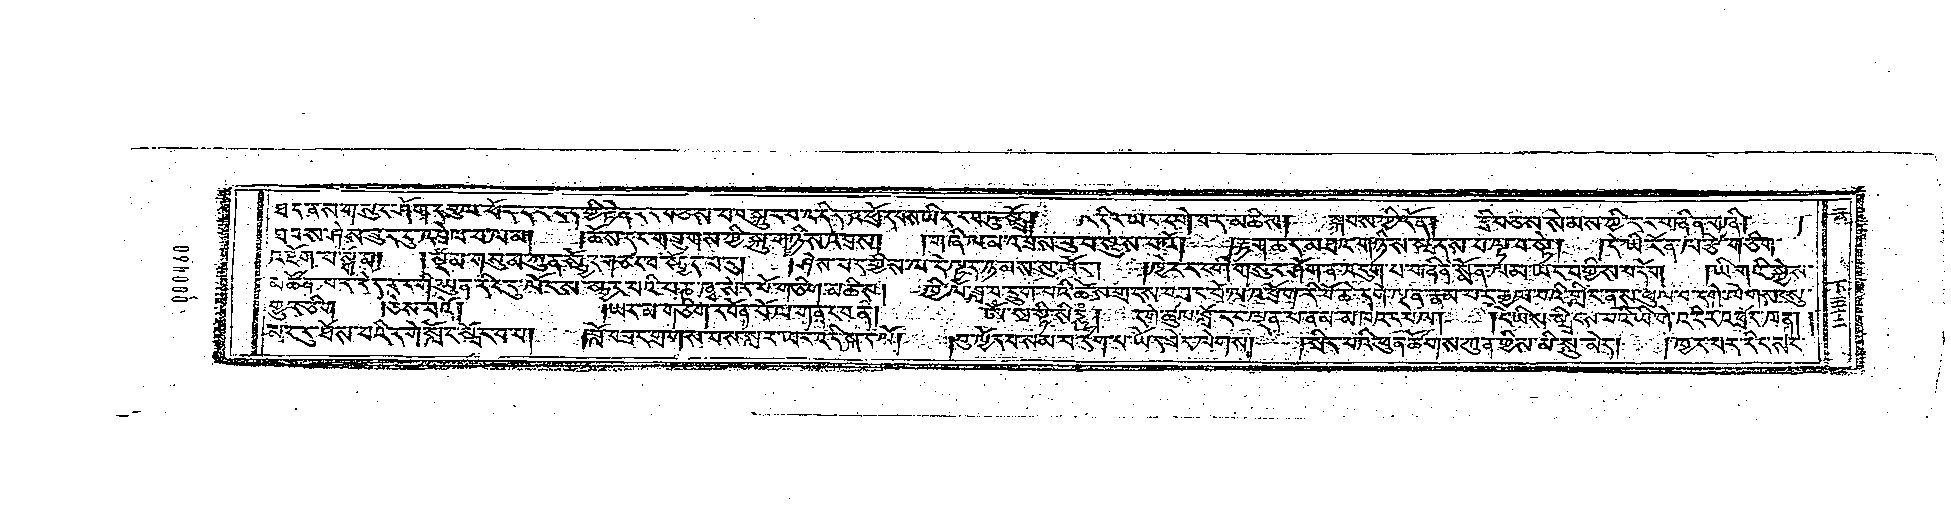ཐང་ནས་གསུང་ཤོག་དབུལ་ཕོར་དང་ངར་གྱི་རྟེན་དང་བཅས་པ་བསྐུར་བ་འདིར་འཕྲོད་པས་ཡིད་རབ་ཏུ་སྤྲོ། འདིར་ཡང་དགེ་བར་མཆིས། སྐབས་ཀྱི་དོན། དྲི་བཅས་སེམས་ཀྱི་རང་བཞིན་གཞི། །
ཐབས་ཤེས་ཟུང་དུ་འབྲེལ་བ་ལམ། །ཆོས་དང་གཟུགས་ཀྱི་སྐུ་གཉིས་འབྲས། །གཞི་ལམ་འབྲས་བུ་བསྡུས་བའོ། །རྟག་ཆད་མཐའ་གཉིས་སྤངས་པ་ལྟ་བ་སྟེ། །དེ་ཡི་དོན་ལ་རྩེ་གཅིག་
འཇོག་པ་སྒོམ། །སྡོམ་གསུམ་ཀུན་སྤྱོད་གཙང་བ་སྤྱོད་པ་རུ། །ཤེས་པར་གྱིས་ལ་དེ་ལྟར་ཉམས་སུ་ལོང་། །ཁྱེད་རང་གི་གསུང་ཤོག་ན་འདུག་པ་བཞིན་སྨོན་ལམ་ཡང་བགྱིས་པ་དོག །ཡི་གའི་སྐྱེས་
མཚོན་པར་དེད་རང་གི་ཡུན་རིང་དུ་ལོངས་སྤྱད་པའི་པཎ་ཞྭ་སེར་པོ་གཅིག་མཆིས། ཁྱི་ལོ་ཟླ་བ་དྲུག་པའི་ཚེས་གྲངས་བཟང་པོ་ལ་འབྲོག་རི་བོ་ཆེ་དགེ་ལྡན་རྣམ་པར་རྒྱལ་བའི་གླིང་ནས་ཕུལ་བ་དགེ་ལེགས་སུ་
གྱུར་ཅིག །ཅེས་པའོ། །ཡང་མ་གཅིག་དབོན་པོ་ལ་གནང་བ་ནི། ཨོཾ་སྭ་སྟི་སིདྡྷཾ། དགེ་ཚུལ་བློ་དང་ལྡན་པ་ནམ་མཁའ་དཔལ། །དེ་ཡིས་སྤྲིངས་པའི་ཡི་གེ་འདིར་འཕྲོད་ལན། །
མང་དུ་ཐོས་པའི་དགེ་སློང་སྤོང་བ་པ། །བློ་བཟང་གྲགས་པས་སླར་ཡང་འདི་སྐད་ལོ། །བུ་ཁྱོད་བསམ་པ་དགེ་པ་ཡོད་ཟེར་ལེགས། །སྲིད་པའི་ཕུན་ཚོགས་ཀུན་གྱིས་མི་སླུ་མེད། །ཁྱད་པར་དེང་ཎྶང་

---

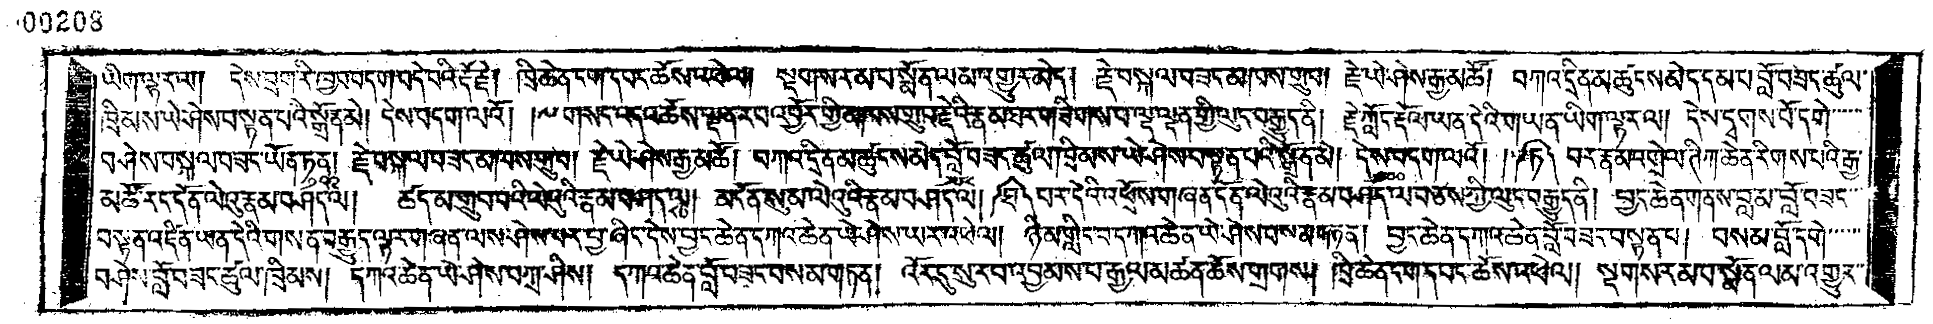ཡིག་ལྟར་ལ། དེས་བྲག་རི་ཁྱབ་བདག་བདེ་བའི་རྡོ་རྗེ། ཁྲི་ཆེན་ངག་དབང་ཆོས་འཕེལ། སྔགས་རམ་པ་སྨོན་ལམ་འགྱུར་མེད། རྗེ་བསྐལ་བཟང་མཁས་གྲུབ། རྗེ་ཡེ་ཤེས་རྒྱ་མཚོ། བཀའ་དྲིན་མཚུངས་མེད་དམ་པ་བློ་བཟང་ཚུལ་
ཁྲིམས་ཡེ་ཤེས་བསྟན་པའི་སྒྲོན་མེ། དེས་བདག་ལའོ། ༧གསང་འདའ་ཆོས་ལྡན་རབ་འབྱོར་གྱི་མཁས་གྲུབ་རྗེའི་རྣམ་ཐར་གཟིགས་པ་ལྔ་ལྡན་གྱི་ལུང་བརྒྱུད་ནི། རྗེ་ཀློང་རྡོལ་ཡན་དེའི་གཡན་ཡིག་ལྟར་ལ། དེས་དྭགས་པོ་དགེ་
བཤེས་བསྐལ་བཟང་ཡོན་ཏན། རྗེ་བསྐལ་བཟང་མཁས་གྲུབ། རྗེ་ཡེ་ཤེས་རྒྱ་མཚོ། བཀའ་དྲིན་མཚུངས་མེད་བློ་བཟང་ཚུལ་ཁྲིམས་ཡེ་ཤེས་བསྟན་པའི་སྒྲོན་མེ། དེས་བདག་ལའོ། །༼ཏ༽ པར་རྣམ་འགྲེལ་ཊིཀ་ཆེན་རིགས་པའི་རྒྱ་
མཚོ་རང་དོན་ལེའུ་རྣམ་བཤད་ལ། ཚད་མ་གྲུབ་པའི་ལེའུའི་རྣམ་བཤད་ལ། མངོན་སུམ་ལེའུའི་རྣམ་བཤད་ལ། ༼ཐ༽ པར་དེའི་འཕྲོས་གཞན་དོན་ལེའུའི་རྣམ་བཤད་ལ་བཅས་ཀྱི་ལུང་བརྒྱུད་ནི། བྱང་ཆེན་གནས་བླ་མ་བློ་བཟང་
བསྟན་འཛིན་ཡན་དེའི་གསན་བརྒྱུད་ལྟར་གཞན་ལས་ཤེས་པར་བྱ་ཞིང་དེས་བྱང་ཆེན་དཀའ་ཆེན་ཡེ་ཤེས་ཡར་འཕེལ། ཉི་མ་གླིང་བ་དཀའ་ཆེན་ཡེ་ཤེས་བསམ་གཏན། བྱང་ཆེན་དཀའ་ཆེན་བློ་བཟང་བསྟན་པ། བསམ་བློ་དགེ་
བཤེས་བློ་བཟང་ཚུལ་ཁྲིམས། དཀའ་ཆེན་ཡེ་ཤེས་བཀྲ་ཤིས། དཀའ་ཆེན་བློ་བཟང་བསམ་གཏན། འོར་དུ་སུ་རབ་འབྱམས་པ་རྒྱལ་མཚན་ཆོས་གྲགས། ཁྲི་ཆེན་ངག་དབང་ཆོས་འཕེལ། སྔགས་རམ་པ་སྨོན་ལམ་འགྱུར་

**Exercise directions:** In the listing above, find the line with "སྐབས་ཀྱི་དོན། དྲི་བཅས་སེམས་ཀྱི་རང་བཞིན་གཞི། །" and output it and every line after it up to and including the line with "གྱུར་ཅིག །ཅེས་པའོ། །ཡང་མ་གཅིག་དབོན་པོ་ལ་གནང་བ་ནི།", exactly, minus the pictures.

**Solution:**
ཐང་ནས་གསུང་ཤོག་དབུལ་ཕོར་དང་ངར་གྱི་རྟེན་དང་བཅས་པ་བསྐུར་བ་འདིར་འཕྲོད་པས་ཡིད་རབ་ཏུ་སྤྲོ། འདིར་ཡང་དགེ་བར་མཆིས། སྐབས་ཀྱི་དོན། དྲི་བཅས་སེམས་ཀྱི་རང་བཞིན་གཞི། །
ཐབས་ཤེས་ཟུང་དུ་འབྲེལ་བ་ལམ། །ཆོས་དང་གཟུགས་ཀྱི་སྐུ་གཉིས་འབྲས། །གཞི་ལམ་འབྲས་བུ་བསྡུས་བའོ། །རྟག་ཆད་མཐའ་གཉིས་སྤངས་པ་ལྟ་བ་སྟེ། །དེ་ཡི་དོན་ལ་རྩེ་གཅིག་
འཇོག་པ་སྒོམ། །སྡོམ་གསུམ་ཀུན་སྤྱོད་གཙང་བ་སྤྱོད་པ་རུ། །ཤེས་པར་གྱིས་ལ་དེ་ལྟར་ཉམས་སུ་ལོང་། །ཁྱེད་རང་གི་གསུང་ཤོག་ན་འདུག་པ་བཞིན་སྨོན་ལམ་ཡང་བགྱིས་པ་དོག །ཡི་གའི་སྐྱེས་
མཚོན་པར་དེད་རང་གི་ཡུན་རིང་དུ་ལོངས་སྤྱད་པའི་པཎ་ཞྭ་སེར་པོ་གཅིག་མཆིས། ཁྱི་ལོ་ཟླ་བ་དྲུག་པའི་ཚེས་གྲངས་བཟང་པོ་ལ་འབྲོག་རི་བོ་ཆེ་དགེ་ལྡན་རྣམ་པར་རྒྱལ་བའི་གླིང་ནས་ཕུལ་བ་དགེ་ལེགས་སུ་
གྱུར་ཅིག །ཅེས་པའོ། །ཡང་མ་གཅིག་དབོན་པོ་ལ་གནང་བ་ནི། ཨོཾ་སྭ་སྟི་སིདྡྷཾ། དགེ་ཚུལ་བློ་དང་ལྡན་པ་ནམ་མཁའ་དཔལ། །དེ་ཡིས་སྤྲིངས་པའི་ཡི་གེ་འདིར་འཕྲོད་ལན། །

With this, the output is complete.